# Profinet mit Laptop mit WinCC Flex möglich?



## Toddy80 (24 Februar 2007)

Hallo, ich habe folgendes Problem:

Habe eine Anlage mit 3 SPS (CPU 313C-2DP) und jeweils CP 343-1 Advanced-IT. Die Anlagenteile tauschen Daten über Ethernet aus (S7 Verbindung). Möchte nun eine Visualisierung auf meinen PC laufen lassen, die über Profinet mit den Steuerungen kommuniziert. Ist das möglich? Wie ist die vorgehensweise?

Schönen Gruß

Thorsten


----------



## Maxl (24 Februar 2007)

Um genau zu sein: Das hat mit Prfinet nix zu tun - WinCCflexible greift per TCP/IP (genauer RFC1006) auf den CP zu.
Das ist kein Problem, hab ich erst am Donnertag gemacht.

Anleitung:
http://support.automation.siemens.c...&aktprim=0&extranet=standard&load=treecontent

Du benötigst halt auf Deinem Laptop die entsprechenden Runtime-Lizenzen für WinCCflex.


mfg
Maxl


----------



## Toddy80 (25 Februar 2007)

Hi, danke für die Antwort.

Ws ist so, haben die Aufgabenstellung bekommen das WinCC Flex per Profinet an die S7 angebunden werden soll. Aber ich sehe nirgendwo in WinCC Flex wo ich die Einstellung machen kann. Habe es auf Ethernet gestellt. Es läuft, aber ist das denn nun per Profinet?

Gruß

Thorsten


----------



## seeba (25 Februar 2007)

Toddy80 schrieb:


> Hi, danke für die Antwort.
> 
> Ws ist so, haben die Aufgabenstellung bekommen das WinCC Flex per Profinet an die S7 angebunden werden soll. Aber ich sehe nirgendwo in WinCC Flex wo ich die Einstellung machen kann. Habe es auf Ethernet gestellt. Es läuft, aber ist das denn nun per Profinet?
> 
> ...


Ist im PROFINET überhaupt 'ne OP-Kommunikation vorgesehen? Ich glaube nicht, oder?


----------



## PeterEF (26 Februar 2007)

seeba schrieb:


> Ist im PROFINET überhaupt 'ne OP-Kommunikation vorgesehen? Ich glaube nicht, oder?

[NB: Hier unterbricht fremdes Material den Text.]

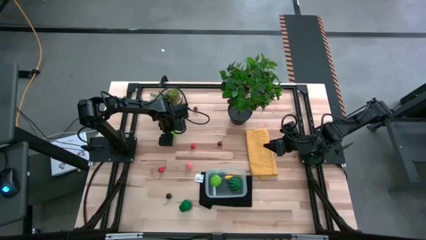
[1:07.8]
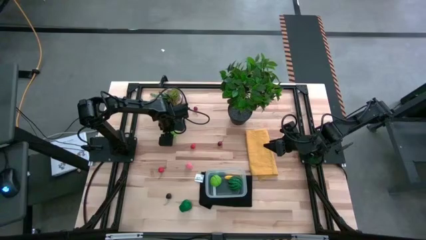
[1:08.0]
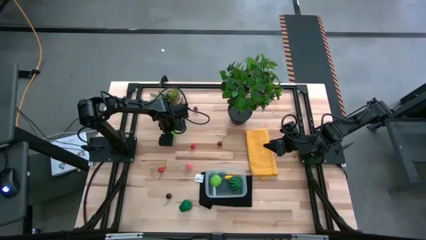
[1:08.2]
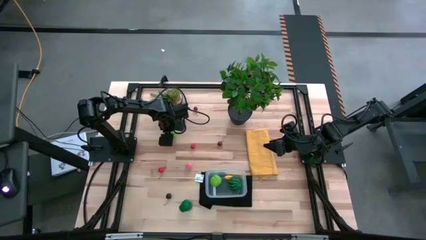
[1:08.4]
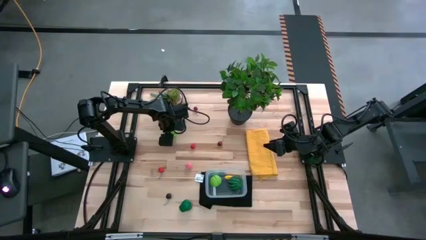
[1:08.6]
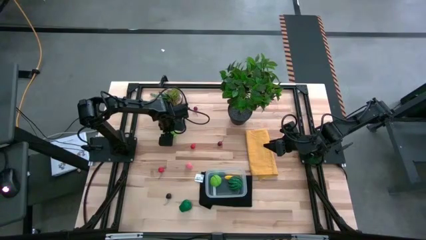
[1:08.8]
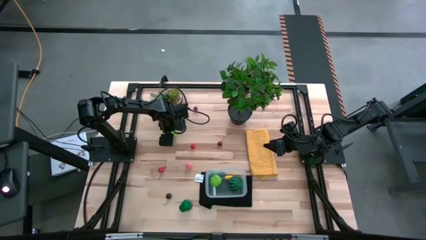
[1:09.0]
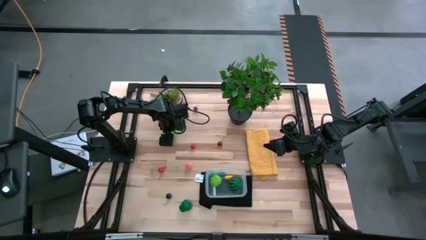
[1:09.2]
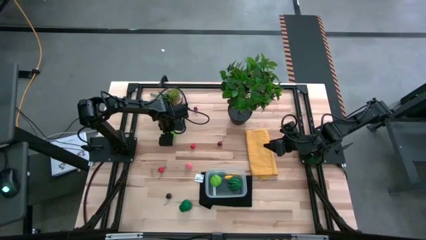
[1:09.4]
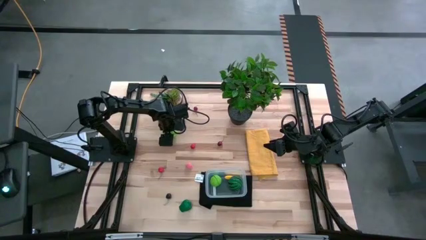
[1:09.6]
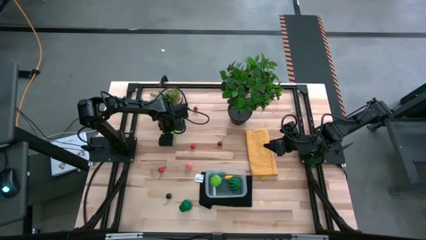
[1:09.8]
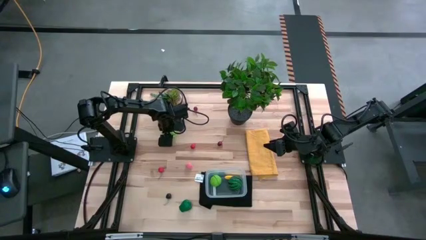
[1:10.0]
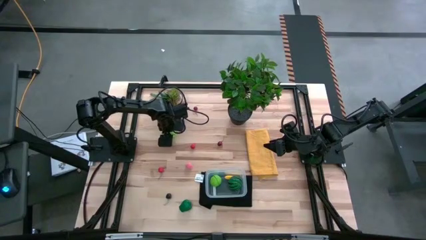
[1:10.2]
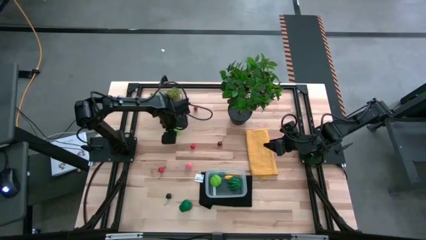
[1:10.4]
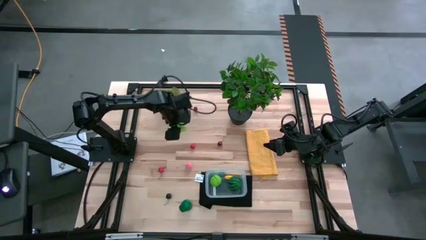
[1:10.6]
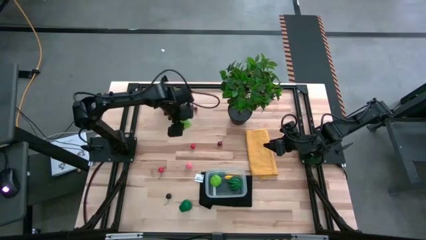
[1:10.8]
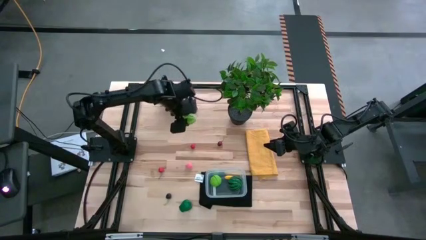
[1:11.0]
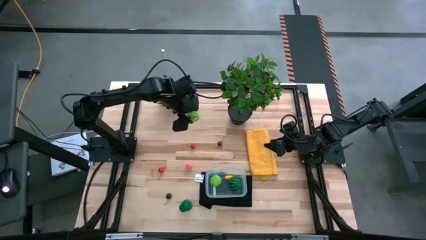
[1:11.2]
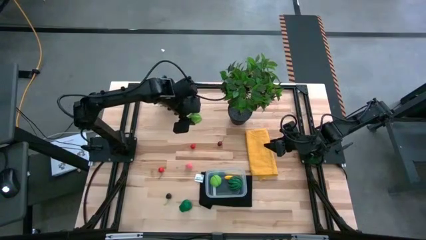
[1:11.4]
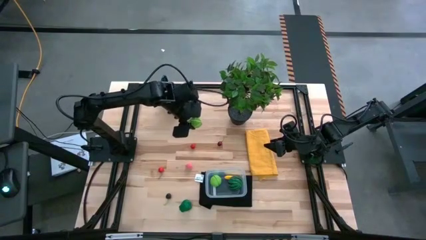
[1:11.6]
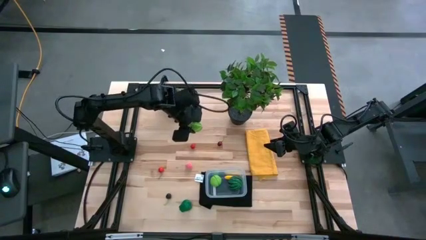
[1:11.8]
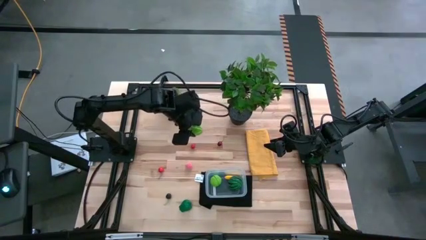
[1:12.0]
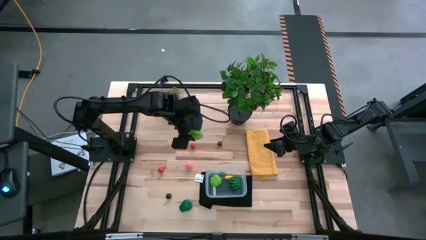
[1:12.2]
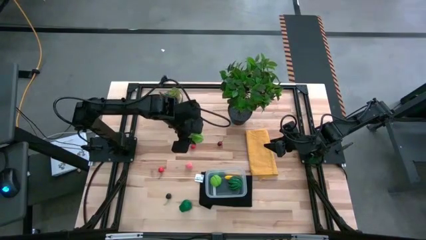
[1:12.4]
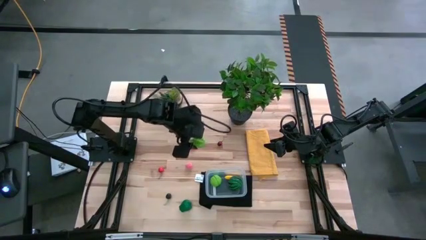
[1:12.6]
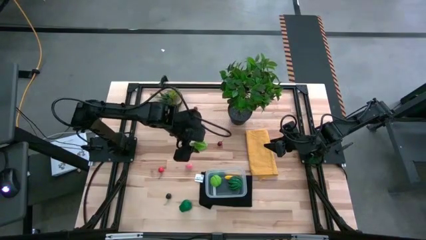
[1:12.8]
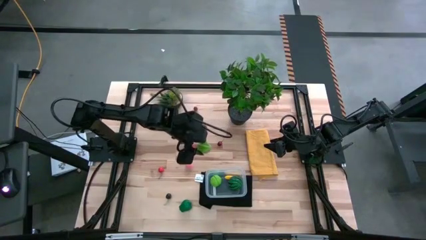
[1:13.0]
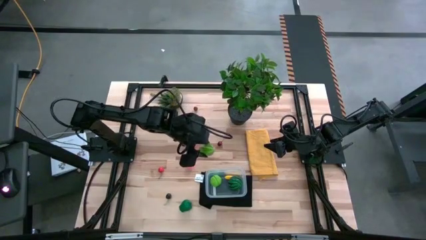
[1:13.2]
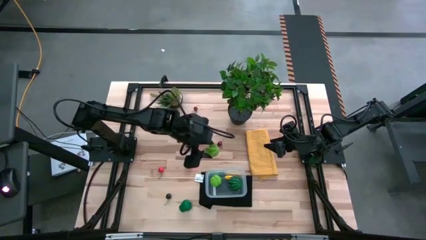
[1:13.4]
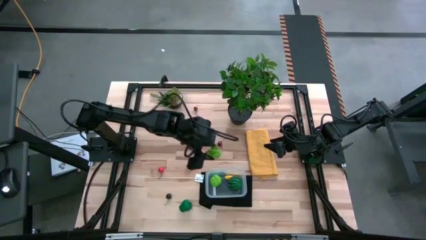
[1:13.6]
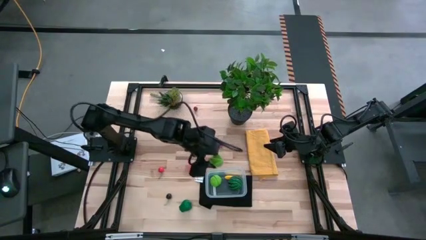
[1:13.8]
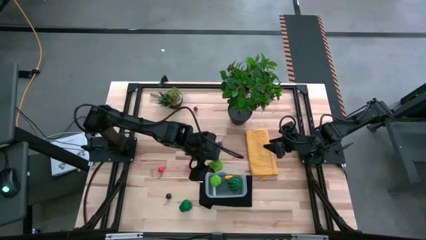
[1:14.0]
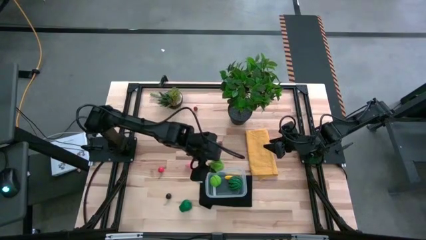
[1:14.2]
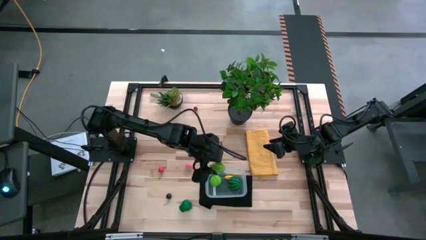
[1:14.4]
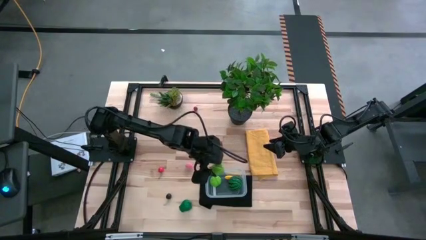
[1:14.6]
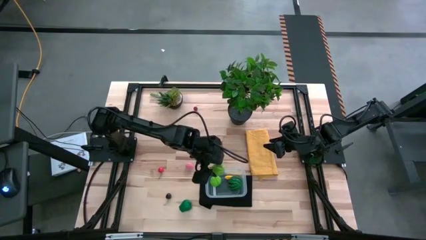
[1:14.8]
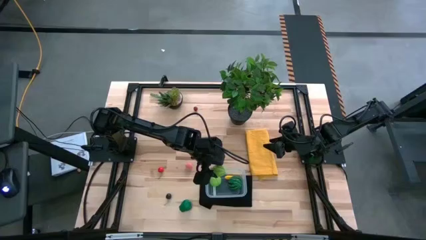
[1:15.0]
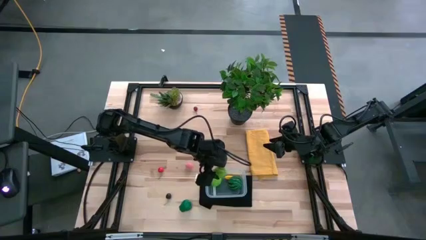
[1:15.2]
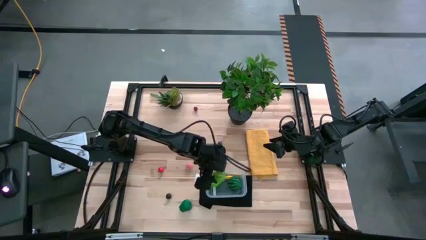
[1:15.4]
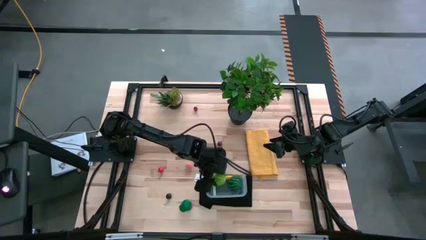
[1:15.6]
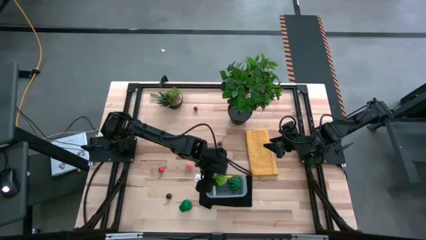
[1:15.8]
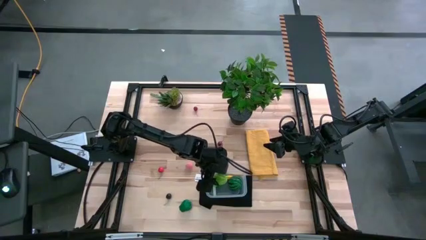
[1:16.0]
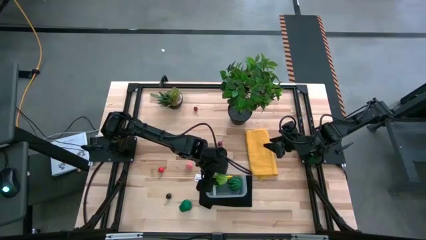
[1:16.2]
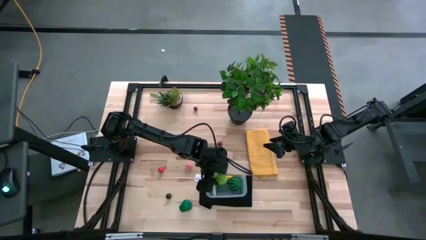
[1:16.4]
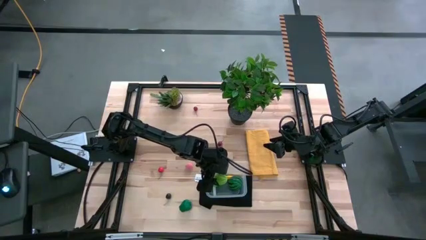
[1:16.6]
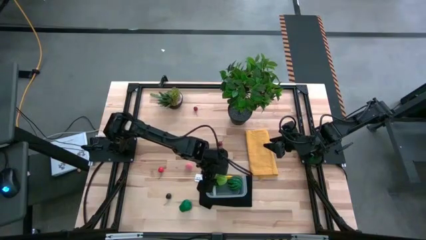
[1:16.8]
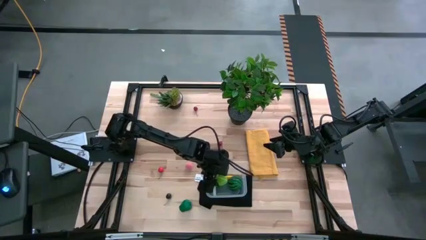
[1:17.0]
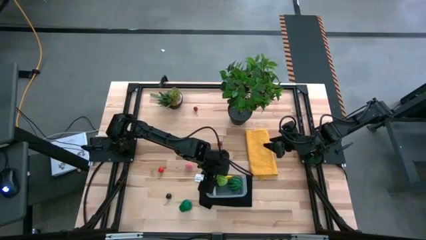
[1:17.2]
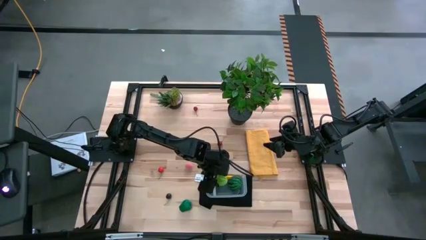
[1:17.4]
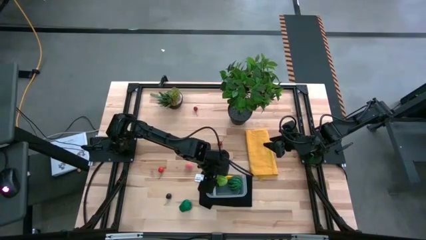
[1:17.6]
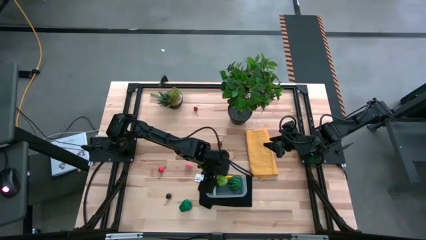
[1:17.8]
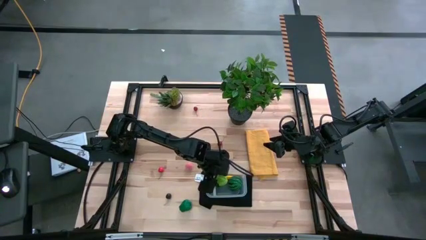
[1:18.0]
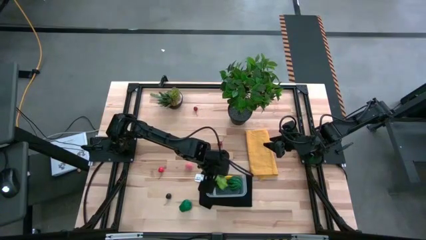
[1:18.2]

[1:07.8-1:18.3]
Task: Pick and placing Produce into tupperware
Put the star fruit into the transparent bin

Der Ethernet-Port eines MP277-Panels mit Flex läuft garantiert über Profinet. 
Im Handbuch dazu "...Das Bediengerät kann nur in Profinet-Netzwerken eingesetzt werden...."

Wenn das mit Panels so ist, sollte doch auch die PC-Version (hatte ich noch nicht) Profinet unterstützen?


----------



## Maxl (27 Februar 2007)

Toddy80 schrieb:


> Ws ist so, haben die Aufgabenstellung bekommen das WinCC Flex per Profinet an die S7 angebunden werden soll. Aber ich sehe nirgendwo in WinCC Flex wo ich die Einstellung machen kann. Habe es auf Ethernet gestellt. Es läuft, aber ist das denn nun per Profinet?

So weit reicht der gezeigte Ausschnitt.